§ What is being asked
Below are the records; pull every line that includes "chimney".

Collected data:
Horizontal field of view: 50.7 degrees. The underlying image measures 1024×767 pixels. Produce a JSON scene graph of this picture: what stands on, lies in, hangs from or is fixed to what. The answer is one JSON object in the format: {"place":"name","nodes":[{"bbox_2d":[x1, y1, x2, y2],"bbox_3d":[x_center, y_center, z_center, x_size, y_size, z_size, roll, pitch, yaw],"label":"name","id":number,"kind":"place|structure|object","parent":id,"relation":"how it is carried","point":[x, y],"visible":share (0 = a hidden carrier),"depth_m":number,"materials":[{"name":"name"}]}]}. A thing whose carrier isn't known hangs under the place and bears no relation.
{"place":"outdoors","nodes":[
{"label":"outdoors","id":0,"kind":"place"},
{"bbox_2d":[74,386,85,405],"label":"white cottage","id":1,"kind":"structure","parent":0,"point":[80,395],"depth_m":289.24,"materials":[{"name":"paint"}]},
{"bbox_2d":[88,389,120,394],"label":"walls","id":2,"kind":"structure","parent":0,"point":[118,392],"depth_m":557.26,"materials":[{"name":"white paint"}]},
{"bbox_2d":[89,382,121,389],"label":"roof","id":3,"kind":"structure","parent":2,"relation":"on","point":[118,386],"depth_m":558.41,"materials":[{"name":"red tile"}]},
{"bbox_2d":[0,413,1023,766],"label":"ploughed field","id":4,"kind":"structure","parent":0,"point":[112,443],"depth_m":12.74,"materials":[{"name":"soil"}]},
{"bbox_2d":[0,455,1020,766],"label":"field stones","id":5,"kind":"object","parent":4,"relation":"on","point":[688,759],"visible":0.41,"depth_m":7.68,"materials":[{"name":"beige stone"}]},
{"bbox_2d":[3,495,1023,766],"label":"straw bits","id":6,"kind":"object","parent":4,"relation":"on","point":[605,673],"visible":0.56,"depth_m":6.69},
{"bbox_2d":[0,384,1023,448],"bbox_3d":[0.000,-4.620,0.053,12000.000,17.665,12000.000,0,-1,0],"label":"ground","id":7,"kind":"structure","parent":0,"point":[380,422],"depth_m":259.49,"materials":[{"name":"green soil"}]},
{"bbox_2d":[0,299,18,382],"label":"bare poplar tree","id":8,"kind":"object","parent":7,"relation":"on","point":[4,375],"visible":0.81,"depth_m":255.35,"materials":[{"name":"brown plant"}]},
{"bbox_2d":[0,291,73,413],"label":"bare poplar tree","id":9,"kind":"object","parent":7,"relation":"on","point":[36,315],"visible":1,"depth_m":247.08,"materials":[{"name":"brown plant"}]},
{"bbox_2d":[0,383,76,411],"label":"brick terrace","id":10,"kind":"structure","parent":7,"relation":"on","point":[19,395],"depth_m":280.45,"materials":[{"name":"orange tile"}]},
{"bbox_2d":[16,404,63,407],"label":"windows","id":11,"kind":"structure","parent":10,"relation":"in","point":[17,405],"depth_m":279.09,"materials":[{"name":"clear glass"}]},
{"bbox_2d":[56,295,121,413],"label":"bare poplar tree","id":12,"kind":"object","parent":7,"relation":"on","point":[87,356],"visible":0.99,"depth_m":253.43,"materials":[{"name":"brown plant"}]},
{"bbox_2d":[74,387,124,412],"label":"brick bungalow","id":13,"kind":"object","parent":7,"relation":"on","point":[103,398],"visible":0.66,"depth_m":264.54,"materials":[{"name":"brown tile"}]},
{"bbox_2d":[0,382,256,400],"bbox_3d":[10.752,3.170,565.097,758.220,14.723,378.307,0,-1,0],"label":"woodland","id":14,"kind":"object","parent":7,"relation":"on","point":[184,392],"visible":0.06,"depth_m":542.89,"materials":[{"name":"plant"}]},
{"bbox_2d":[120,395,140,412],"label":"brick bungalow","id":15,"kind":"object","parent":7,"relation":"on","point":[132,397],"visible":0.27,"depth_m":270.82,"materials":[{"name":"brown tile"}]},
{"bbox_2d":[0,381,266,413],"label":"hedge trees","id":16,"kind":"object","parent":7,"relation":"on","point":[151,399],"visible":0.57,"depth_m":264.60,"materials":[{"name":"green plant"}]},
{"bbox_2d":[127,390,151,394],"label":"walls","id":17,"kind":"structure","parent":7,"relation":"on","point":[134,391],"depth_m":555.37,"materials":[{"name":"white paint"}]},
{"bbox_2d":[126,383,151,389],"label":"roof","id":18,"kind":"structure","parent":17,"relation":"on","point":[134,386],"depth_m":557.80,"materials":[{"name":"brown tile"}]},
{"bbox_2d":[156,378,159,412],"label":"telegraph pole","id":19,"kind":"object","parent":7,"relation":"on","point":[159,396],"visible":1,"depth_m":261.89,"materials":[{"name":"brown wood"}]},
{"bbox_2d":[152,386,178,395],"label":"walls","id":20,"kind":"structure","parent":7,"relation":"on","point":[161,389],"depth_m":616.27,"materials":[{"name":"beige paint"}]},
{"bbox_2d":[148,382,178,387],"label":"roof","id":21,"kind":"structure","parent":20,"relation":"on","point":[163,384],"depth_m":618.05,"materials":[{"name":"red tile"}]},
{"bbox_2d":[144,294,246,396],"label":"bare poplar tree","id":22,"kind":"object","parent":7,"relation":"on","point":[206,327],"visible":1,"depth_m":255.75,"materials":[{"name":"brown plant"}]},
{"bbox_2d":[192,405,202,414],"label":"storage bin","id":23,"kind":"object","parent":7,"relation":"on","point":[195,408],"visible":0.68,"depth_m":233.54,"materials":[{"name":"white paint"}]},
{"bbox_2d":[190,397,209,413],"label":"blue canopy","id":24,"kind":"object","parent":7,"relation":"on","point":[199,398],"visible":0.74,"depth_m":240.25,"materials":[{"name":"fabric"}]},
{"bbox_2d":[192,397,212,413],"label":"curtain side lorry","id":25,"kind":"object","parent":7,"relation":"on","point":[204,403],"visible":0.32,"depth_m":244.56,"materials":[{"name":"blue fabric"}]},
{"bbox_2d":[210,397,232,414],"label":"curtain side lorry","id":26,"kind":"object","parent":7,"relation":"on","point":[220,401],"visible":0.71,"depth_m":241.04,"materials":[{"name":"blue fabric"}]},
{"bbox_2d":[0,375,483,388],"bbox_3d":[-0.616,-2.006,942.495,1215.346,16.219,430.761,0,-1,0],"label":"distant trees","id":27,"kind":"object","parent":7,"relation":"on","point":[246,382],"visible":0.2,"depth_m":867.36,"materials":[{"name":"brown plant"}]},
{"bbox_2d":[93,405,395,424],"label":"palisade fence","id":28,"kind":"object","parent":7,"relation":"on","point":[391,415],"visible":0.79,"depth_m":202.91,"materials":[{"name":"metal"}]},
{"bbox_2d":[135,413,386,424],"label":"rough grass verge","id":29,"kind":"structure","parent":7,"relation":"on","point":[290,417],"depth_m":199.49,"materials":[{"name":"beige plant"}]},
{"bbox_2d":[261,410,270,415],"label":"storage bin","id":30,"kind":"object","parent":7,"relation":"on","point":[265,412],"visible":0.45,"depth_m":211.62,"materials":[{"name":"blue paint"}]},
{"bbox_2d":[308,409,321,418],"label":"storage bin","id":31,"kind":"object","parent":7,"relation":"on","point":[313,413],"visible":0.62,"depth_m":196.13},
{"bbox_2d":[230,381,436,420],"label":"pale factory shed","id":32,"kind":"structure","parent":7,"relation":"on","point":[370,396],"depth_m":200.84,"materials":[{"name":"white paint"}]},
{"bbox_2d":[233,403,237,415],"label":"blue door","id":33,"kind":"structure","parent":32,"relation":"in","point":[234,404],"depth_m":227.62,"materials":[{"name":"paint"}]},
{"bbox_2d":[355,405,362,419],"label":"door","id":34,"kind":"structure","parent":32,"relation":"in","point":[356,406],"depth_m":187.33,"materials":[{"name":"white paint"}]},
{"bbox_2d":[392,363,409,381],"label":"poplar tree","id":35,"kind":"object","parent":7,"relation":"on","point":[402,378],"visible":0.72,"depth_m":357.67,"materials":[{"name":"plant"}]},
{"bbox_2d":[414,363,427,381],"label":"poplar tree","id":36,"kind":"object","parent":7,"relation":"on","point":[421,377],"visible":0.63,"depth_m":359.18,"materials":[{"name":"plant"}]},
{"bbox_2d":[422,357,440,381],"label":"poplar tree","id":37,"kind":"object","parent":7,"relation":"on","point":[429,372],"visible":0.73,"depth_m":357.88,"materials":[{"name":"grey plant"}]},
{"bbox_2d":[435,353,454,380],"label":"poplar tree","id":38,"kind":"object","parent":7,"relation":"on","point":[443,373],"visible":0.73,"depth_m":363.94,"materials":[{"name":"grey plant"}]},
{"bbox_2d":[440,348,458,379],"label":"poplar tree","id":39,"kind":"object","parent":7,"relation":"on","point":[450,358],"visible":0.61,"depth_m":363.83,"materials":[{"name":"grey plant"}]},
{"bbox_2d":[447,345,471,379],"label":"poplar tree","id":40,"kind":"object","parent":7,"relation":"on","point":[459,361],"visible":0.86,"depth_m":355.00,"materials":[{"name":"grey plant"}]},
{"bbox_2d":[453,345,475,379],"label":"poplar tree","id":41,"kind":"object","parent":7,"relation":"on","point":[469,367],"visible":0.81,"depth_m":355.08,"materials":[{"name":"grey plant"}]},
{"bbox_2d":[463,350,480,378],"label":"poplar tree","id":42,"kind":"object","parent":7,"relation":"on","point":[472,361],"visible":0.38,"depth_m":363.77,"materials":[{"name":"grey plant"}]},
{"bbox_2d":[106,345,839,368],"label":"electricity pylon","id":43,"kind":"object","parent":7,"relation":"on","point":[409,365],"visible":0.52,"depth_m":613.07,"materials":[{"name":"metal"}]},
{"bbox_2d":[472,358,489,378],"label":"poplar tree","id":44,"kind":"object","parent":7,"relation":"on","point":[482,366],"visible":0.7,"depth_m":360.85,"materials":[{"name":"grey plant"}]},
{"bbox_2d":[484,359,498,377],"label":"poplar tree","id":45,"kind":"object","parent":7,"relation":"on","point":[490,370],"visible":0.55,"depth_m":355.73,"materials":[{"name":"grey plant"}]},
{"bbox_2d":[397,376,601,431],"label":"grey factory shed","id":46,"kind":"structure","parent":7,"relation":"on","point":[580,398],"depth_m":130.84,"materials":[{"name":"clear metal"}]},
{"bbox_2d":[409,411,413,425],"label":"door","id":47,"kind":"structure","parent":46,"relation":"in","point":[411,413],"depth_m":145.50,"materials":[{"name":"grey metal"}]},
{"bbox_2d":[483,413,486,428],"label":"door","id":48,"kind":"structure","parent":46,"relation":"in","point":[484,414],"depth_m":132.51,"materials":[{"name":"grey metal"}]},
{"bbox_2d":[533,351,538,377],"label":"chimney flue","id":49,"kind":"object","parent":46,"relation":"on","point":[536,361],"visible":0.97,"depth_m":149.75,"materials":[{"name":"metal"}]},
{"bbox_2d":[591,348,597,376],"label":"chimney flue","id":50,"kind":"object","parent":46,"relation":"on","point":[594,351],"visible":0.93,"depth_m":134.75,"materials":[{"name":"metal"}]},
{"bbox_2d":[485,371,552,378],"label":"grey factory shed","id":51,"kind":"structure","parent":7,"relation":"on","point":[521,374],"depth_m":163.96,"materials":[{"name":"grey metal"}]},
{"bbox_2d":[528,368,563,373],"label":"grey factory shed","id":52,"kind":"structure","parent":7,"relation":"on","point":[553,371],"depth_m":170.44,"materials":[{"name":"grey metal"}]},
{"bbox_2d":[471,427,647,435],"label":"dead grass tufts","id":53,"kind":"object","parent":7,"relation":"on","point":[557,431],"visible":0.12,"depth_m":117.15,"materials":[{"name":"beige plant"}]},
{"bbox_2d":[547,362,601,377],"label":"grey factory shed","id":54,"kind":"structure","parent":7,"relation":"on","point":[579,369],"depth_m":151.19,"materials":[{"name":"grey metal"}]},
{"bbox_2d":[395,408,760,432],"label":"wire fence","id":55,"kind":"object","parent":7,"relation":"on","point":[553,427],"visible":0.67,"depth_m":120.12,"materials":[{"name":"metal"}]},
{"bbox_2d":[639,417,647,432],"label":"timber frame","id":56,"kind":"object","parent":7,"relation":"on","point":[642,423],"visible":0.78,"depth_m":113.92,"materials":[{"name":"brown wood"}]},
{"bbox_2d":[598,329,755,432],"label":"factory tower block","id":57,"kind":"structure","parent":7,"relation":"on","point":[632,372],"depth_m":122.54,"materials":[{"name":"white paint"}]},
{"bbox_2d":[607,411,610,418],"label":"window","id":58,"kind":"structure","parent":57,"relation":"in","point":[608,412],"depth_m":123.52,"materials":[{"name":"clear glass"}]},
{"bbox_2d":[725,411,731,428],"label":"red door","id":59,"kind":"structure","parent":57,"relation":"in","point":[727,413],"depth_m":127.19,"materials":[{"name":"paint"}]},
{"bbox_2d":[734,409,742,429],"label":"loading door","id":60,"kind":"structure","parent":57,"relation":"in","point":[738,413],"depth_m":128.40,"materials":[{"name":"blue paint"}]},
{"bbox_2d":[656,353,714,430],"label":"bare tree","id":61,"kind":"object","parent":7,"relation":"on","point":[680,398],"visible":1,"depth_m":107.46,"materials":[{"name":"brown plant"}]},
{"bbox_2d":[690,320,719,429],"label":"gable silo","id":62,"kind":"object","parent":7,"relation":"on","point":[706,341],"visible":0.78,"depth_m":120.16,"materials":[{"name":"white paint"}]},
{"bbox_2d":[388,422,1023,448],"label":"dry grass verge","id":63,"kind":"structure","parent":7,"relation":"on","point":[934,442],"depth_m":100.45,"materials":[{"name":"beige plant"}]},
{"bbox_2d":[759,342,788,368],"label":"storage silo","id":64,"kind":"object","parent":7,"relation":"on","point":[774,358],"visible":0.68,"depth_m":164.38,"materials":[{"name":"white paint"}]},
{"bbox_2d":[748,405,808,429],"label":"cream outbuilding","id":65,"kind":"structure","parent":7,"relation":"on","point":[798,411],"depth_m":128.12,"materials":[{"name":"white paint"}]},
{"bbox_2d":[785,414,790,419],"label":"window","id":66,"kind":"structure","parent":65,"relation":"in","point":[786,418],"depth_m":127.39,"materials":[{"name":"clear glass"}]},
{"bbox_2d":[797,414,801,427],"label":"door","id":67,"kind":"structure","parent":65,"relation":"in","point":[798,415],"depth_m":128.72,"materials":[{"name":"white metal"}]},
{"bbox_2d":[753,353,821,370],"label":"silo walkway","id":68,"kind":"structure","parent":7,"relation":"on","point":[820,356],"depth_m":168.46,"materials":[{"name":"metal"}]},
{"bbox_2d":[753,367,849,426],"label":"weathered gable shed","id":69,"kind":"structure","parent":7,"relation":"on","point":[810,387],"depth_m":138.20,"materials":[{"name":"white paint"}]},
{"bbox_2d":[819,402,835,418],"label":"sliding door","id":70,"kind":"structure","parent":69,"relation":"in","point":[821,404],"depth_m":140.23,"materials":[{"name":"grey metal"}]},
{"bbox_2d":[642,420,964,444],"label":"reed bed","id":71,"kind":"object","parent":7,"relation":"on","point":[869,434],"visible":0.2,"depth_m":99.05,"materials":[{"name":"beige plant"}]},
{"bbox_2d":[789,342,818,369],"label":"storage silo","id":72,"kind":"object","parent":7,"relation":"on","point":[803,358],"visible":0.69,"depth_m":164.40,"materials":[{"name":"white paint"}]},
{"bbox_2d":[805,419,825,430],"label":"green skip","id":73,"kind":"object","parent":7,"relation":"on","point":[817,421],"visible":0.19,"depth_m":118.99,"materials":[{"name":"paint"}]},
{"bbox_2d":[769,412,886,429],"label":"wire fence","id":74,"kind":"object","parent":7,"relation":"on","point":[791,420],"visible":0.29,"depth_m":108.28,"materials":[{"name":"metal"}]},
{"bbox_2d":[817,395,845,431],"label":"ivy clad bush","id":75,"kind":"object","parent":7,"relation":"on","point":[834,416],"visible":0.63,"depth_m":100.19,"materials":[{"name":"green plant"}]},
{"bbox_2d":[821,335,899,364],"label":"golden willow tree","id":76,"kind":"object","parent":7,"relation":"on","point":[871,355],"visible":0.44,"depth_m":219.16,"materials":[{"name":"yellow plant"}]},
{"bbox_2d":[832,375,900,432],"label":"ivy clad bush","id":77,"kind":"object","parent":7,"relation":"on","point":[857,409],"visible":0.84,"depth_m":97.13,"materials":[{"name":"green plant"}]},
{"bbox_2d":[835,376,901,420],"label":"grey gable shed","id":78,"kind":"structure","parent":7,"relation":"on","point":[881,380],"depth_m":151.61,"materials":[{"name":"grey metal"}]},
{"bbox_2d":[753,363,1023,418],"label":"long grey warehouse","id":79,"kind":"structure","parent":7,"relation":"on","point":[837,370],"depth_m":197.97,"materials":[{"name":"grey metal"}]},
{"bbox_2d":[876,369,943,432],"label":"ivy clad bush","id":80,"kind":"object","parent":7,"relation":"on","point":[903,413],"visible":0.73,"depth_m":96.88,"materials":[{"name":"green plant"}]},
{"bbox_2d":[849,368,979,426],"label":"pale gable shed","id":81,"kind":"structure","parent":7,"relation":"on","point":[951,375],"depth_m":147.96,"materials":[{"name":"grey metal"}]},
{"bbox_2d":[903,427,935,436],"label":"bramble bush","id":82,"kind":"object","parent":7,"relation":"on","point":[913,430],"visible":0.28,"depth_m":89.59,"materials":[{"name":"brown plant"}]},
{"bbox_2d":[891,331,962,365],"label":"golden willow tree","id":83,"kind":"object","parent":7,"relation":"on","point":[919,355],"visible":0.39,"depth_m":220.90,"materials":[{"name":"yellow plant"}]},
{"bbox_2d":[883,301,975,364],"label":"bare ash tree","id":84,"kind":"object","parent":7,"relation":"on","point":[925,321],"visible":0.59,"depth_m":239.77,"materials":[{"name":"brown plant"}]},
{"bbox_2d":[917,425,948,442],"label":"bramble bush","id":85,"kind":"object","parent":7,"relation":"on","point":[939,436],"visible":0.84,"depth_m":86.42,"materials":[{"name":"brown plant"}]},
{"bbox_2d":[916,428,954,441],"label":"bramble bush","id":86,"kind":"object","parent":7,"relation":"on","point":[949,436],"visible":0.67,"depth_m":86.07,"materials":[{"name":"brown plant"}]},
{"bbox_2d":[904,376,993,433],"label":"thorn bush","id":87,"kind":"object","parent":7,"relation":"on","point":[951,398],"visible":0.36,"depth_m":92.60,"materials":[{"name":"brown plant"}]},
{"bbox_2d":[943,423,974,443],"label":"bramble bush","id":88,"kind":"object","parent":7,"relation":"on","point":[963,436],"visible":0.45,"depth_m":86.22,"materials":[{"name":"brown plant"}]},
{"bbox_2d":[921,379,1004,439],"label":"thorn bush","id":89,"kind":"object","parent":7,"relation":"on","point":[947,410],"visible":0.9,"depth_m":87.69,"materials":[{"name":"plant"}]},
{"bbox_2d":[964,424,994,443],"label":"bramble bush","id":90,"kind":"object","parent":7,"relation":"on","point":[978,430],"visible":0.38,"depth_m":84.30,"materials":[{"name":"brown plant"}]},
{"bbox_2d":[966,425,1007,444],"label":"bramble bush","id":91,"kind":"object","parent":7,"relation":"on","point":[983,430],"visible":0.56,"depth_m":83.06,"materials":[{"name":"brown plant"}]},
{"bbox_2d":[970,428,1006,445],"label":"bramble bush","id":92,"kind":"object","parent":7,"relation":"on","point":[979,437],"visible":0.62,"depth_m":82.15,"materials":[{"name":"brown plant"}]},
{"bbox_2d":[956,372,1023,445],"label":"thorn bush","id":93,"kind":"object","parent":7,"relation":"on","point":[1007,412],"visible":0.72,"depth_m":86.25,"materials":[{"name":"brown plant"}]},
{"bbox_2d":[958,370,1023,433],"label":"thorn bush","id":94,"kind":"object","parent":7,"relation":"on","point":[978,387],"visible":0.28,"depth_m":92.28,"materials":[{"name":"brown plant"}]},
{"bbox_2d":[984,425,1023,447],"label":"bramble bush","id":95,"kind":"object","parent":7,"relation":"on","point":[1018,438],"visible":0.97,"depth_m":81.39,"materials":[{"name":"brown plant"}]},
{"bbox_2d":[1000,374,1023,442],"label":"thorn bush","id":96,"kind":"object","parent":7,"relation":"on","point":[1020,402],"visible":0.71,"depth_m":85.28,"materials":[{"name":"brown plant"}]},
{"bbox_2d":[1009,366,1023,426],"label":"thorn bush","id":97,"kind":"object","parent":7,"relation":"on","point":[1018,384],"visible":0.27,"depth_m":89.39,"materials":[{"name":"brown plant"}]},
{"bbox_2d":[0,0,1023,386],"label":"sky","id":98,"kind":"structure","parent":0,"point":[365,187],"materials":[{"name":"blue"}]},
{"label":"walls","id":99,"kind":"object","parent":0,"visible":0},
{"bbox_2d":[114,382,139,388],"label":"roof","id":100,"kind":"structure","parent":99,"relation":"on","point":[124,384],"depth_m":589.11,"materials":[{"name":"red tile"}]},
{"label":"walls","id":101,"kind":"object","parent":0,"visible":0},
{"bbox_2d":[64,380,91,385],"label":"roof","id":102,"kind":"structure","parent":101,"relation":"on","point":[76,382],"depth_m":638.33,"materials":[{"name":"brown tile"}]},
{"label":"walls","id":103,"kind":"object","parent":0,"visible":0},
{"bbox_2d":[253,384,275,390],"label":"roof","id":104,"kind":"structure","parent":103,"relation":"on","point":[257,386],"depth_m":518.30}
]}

§ Task answer
{"bbox_2d":[533,351,538,377],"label":"chimney flue","id":49,"kind":"object","parent":46,"relation":"on","point":[536,361],"visible":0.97,"depth_m":149.75,"materials":[{"name":"metal"}]},
{"bbox_2d":[591,348,597,376],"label":"chimney flue","id":50,"kind":"object","parent":46,"relation":"on","point":[594,351],"visible":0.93,"depth_m":134.75,"materials":[{"name":"metal"}]},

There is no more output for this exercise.